As grave markers, tombstones offer a focus for mourning and commemoration. Typically made of stone and usually engraved with the deceased’s name, date of birth and death, they also often carry inscribed tributes. They’ve been around a long time, across a wide variety of cultures.
“Numerous Neolithic stone statues called stelae, associated with Kurgan culture burials about 5,000 years old, were found in Ukraine and Moldova,” reveals Čaval. “We also have Bronze Age stone and wooden markers on mounds. The Greeks buried commoners and elites in marked graves. There’s the pre-Roman Vulci in Italy, followed by the abundant Roman tombstones, with statues, reliefs and inscriptions telling stories,” she adds.
Why deaths are written in stone
As Čaval explains, the first epitaphs as we now know them, especially the formula “Here lies…”, comes from the Greek tradition. Adopted by the Romans, thanks to the spread and influence of their empire, this became the standard in the West.
More than just words, the aesthetics of tombstones also tell us about the beliefs of their creators. “The specifics tell us something unique about the times in which they are made—about communities, their identity, values and beliefs, about both life and the afterlife,” says Čaval.

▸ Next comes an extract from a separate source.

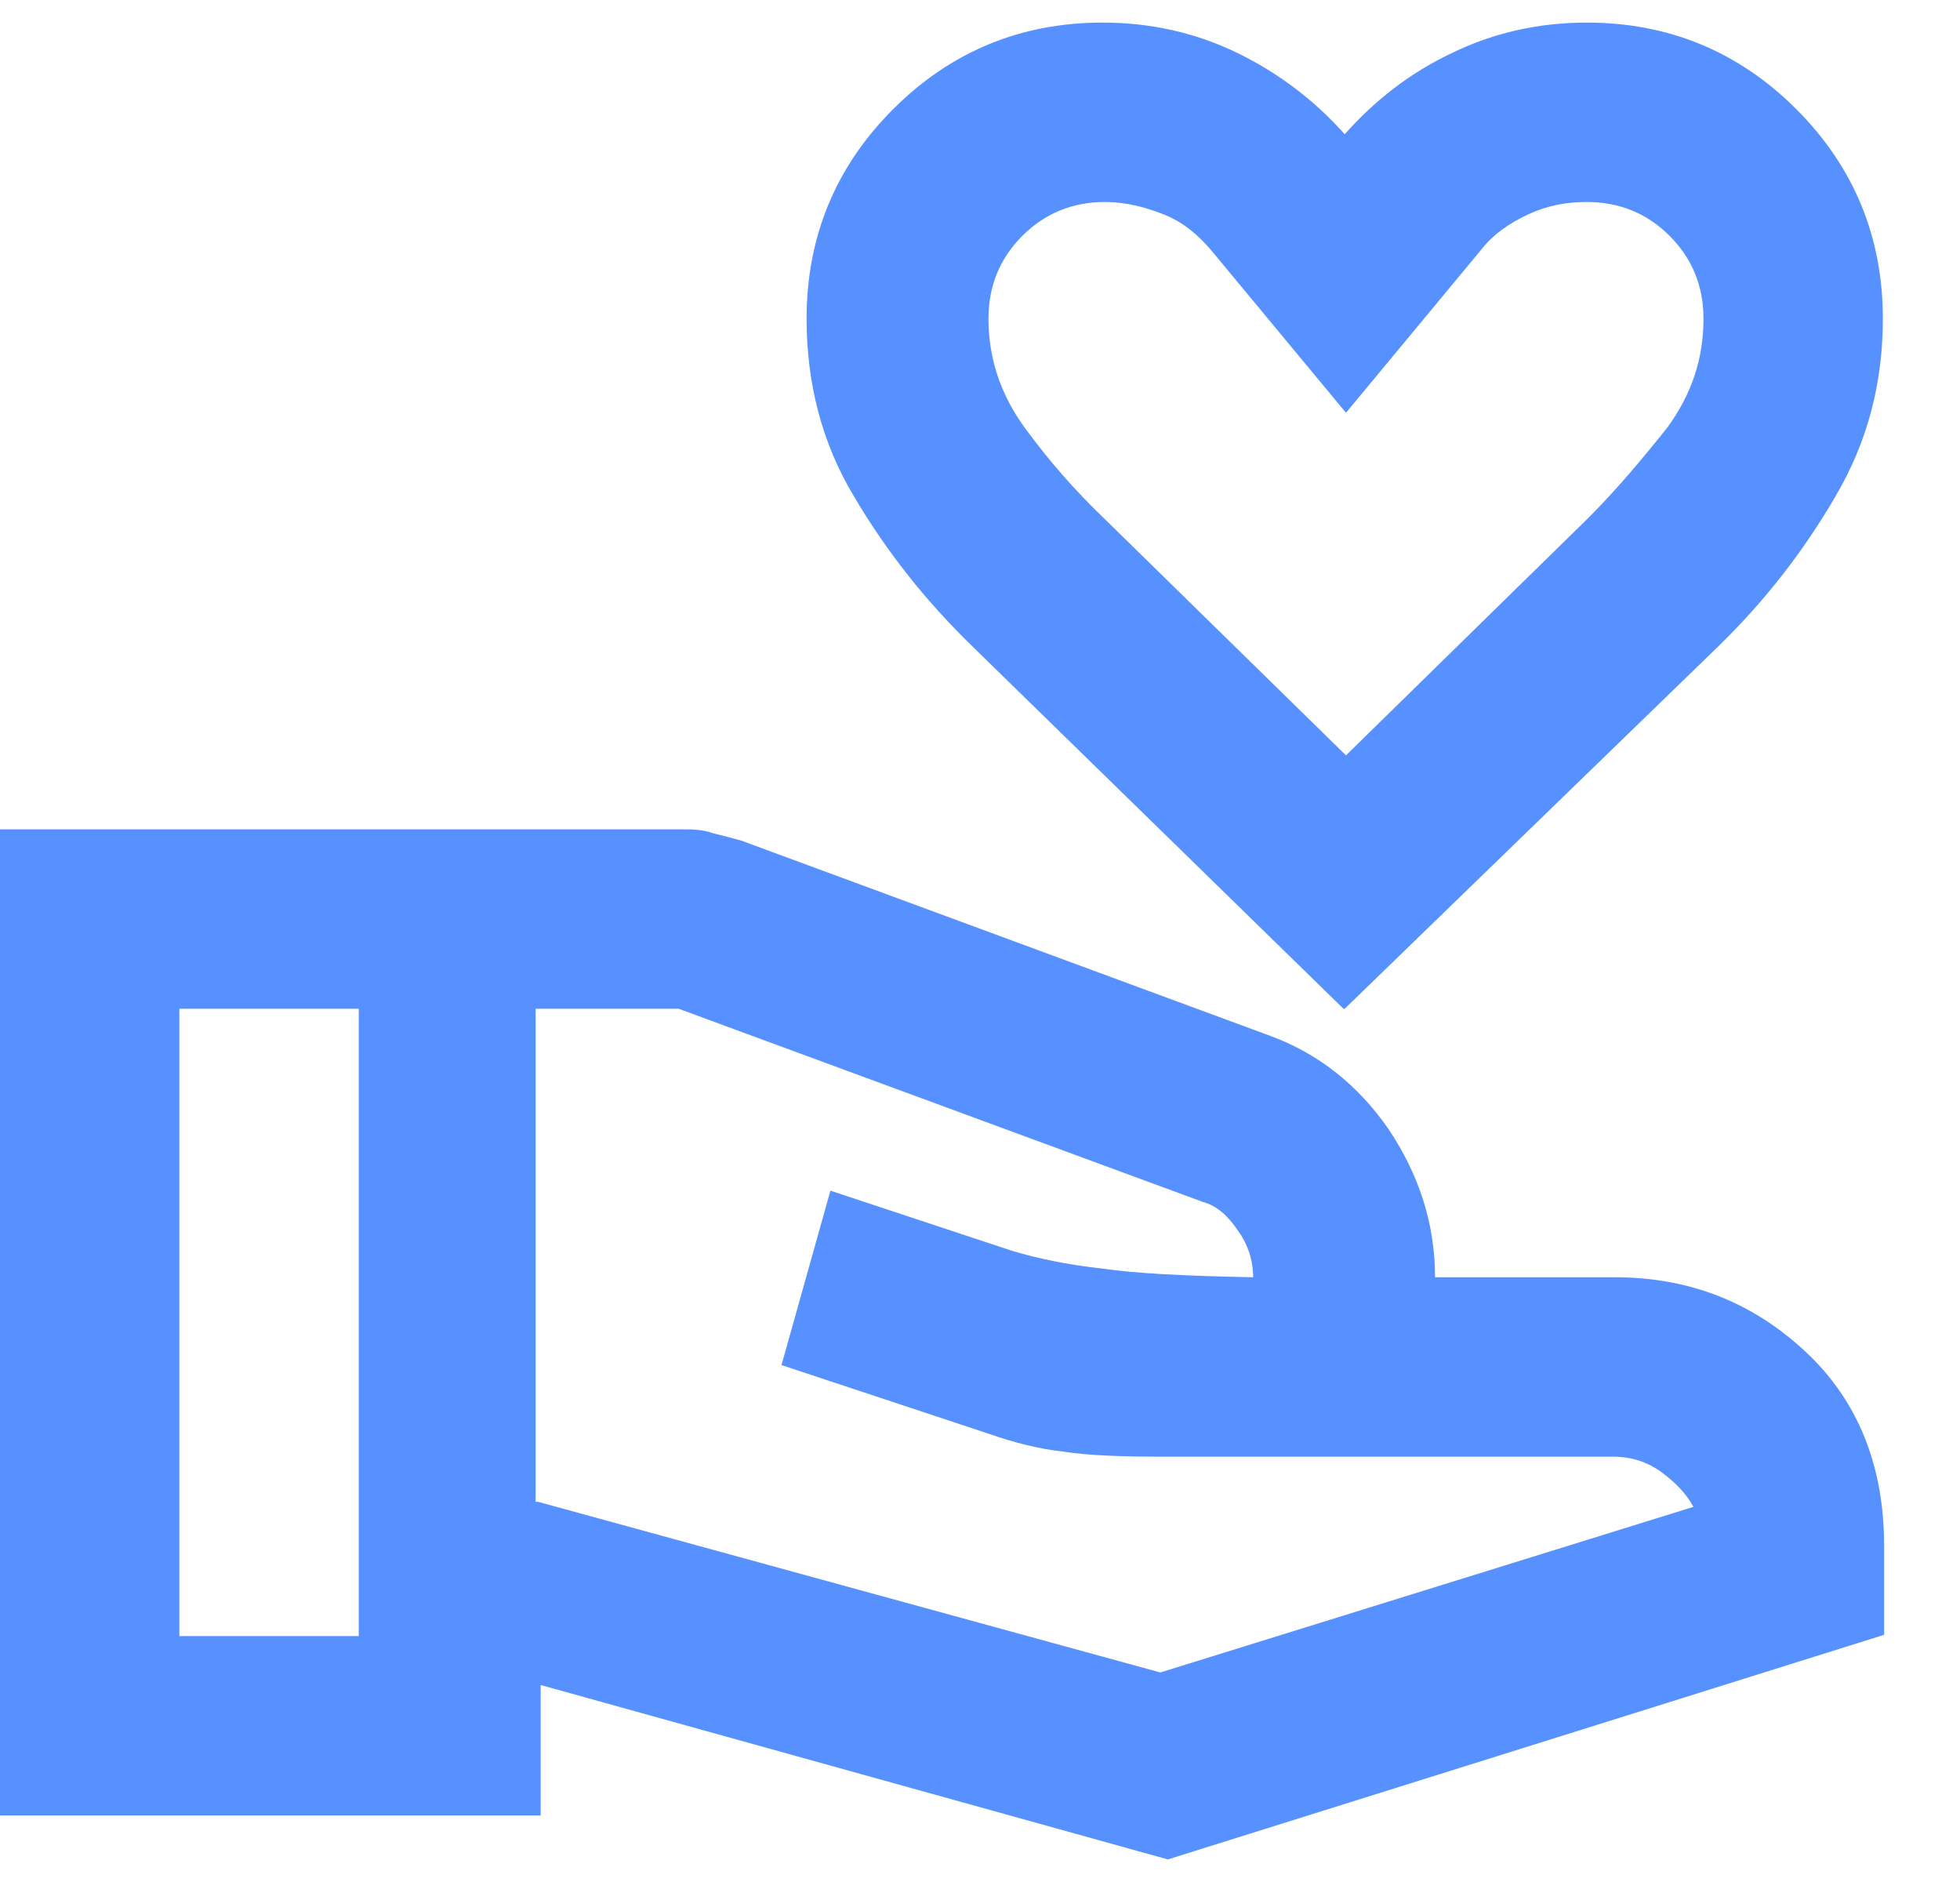 <svg width="25" height="24" viewBox="0 0 25 24" fill="none" xmlns="http://www.w3.org/2000/svg">
<path d="M2.288 20.864H4.576V12.864H2.288V20.864ZM0 23.152V10.576H8.688C8.816 10.576 8.96 10.576 9.088 10.624C9.216 10.656 9.344 10.688 9.456 10.72L16.176 13.2C16.8 13.424 17.312 13.824 17.712 14.4C18.096 14.976 18.304 15.6 18.304 16.288H20.592C21.552 16.288 22.352 16.608 23.024 17.232C23.696 17.856 24.032 18.688 24.032 19.712V20.848L14.896 23.712L6.896 21.488V23.152H0.032H0ZM6.864 19.152L14.8 21.328L21.6 19.216C21.504 19.04 21.36 18.896 21.184 18.768C21.008 18.64 20.8 18.576 20.576 18.576H14.8C14.288 18.576 13.872 18.56 13.568 18.512C13.264 18.48 12.944 18.4 12.624 18.288L9.968 17.408L10.592 15.184L12.912 15.952C13.232 16.048 13.616 16.128 14.048 16.176C14.48 16.24 15.136 16.272 15.984 16.288C15.984 16.08 15.92 15.872 15.792 15.696C15.664 15.504 15.52 15.376 15.344 15.328L8.656 12.864H6.832V19.152H6.864ZM17.136 9.664L20.256 6.608C20.624 6.24 20.944 5.856 21.264 5.456C21.568 5.04 21.728 4.592 21.728 4.064C21.728 3.648 21.584 3.296 21.296 3.008C21.008 2.72 20.656 2.576 20.24 2.576C19.968 2.576 19.728 2.624 19.488 2.736C19.248 2.848 19.04 2.992 18.88 3.2L17.168 5.264L15.456 3.2C15.28 2.992 15.088 2.832 14.848 2.736C14.608 2.64 14.352 2.576 14.096 2.576C13.68 2.576 13.328 2.72 13.04 3.008C12.752 3.296 12.608 3.648 12.608 4.064C12.608 4.576 12.768 5.04 13.072 5.456C13.376 5.872 13.712 6.256 14.08 6.608L17.2 9.664H17.136ZM17.136 12.864L12.4 8.24C11.808 7.664 11.312 7.04 10.896 6.336C10.48 5.648 10.288 4.88 10.288 4.064C10.288 3.024 10.656 2.128 11.392 1.392C12.128 0.656 13.024 0.288 14.064 0.288C14.672 0.288 15.248 0.416 15.776 0.672C16.304 0.928 16.768 1.28 17.152 1.712C17.536 1.28 17.984 0.928 18.528 0.672C19.056 0.416 19.632 0.288 20.24 0.288C21.28 0.288 22.176 0.656 22.912 1.392C23.648 2.128 24.016 3.024 24.016 4.064C24.016 4.88 23.824 5.632 23.408 6.336C23.008 7.024 22.512 7.664 21.92 8.24L17.152 12.864H17.136Z" fill="#5791FF"/>
</svg>

Most obviously, a tomb’s location can reflect the deceased’s personal attachment to a specific location, while craftmanship and materials can reflect social status, especially if rare. Inscriptions are indications of literacy, while decorative motifs can suggest religious affiliations.
“Even without decoration or inscription, the tombstone’s shape, position within a cemetery, type of cemetery, all help build a picture of what a society values and how individuals fit into these values,” adds Čaval.
The stećci enigma
Čaval’s expertise and interest in understanding the past through burial practices and their material culture, were sparked by the Western Balkans’ little known stećci, gigantic stone monuments found at gravesites.

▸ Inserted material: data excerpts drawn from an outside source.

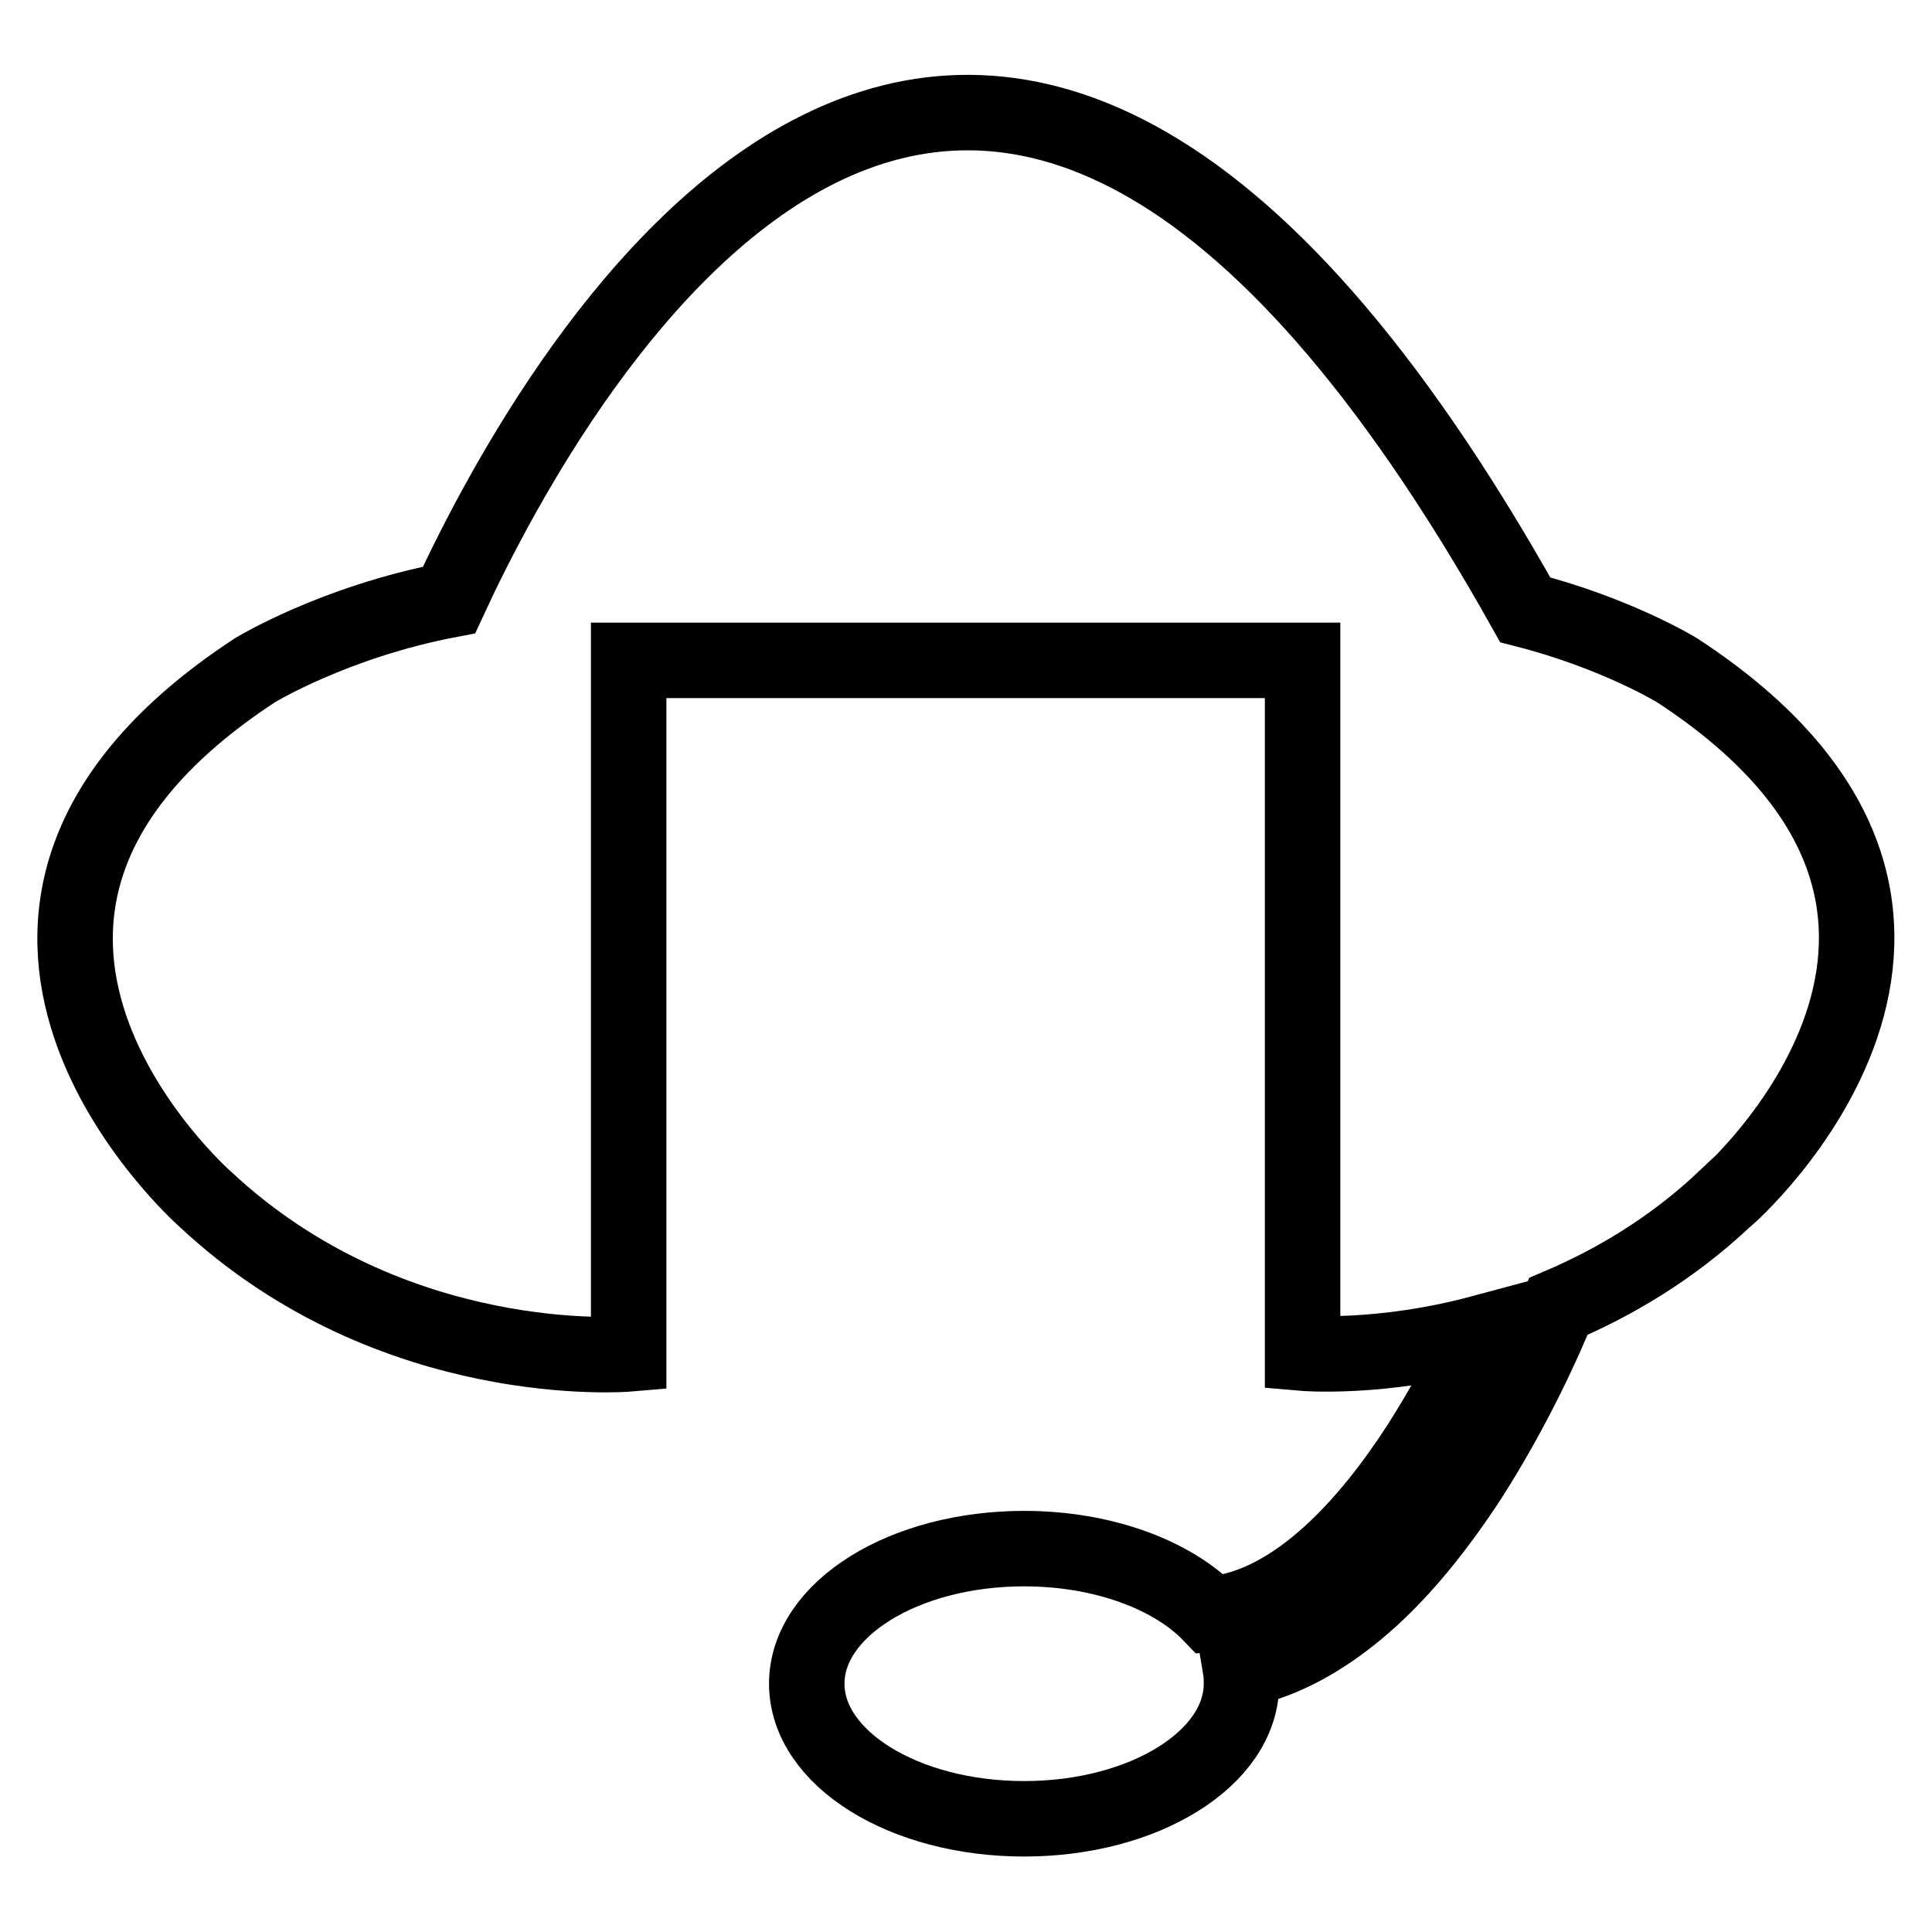 <?xml version="1.0" encoding="utf-8"?>
<!-- Svg Vector Icons : http://www.onlinewebfonts.com/icon -->
<!DOCTYPE svg PUBLIC "-//W3C//DTD SVG 1.1//EN" "http://www.w3.org/Graphics/SVG/1.1/DTD/svg11.dtd">
<svg version="1.1" xmlns="http://www.w3.org/2000/svg" xmlns:xlink="http://www.w3.org/1999/xlink" x="0px" y="0px" viewBox="0 0 256 256" enable-background="new 0 0 256 256" xml:space="preserve">
<g> <path stroke-width="10" fill-opacity="0" stroke="#000000"  d="M222.2,88.8c0,0-8-4.9-20.1-8C128.8-50,73.5,49.2,59.5,79.5c-15.2,2.9-25.7,9.3-25.7,9.3 c-49.5,32.4-6.6,70.1-6.6,70.1c24.8,23.2,56.1,20.5,56.1,20.5V87.5h89.3v91.8c0,0,10.3,0.9,23.7-2.7c-2.1,4.4-4.9,9.7-8.3,15 c-6.4,9.9-16.2,21.3-27.6,22.3c-5-5.2-14.2-8.7-24.7-8.7c-15.9,0-28.8,8-28.8,17.9c0,9.9,12.9,17.9,28.8,17.9 c15.9,0,28.8-8,28.8-17.9c0-0.6,0-1.2-0.1-1.8c4.9-1,9.7-3.4,14.4-7.1c5.5-4.3,10.8-10.5,15.9-18.3c5.7-8.9,9.8-17.8,11.8-22.8 c7.3-3.1,15-7.6,22.1-14.3C228.7,158.9,271.7,121.1,222.2,88.8z"/></g>
</svg>

Decreed a UNESCO World Heritage Site in 2016, the stećci are medieval tombstones, preserved across the landscapes of Bosnia and Herzegovina, Croatia, Montenegro and Serbia.
“Remarkably, these are not attributed to any ethnic or religious group and so have always been considered enigmatic. But their numbers, with over 70,000 preserved, alongside their monolithic character reflect their importance, many centuries ago,” says Čaval.
Some tombstones have inscriptions written in Glagolitic and Bosnian Cyrillic scripts, both extinct today. This speaks to local ethnic and religious diversity, substantiated by prehistory decorations mingling with Roman Christian or Islamic elements.
“We’re using modern digital techniques like satellite imagery to explore this phenomenon and I’m proud to help publicize them,” reflects Čaval.
Are the cracks showing in tombstones?
The simplest reason for tombstones’ success is that they are fit for purpose. Suitable stone has been relatively easy to find and transport to gravesites. It can be decorated. Stone is hard-wearing, enduring extreme weather and the passage of time—ensuring a lasting tribute. Which also explains why other grave markers, whatever they might have been, are lost to time.
With the rise of humanist funerals and with cemeteries facing overcrowding, accompanied with increasing sustainability concerns—are tombstones falling out of favor? “There is definitely a trend for alternatives but I think there will always be a place for tombstones. Their reassuring solidity literally represents a life, keeping it present and so relevant,” concludes Čaval.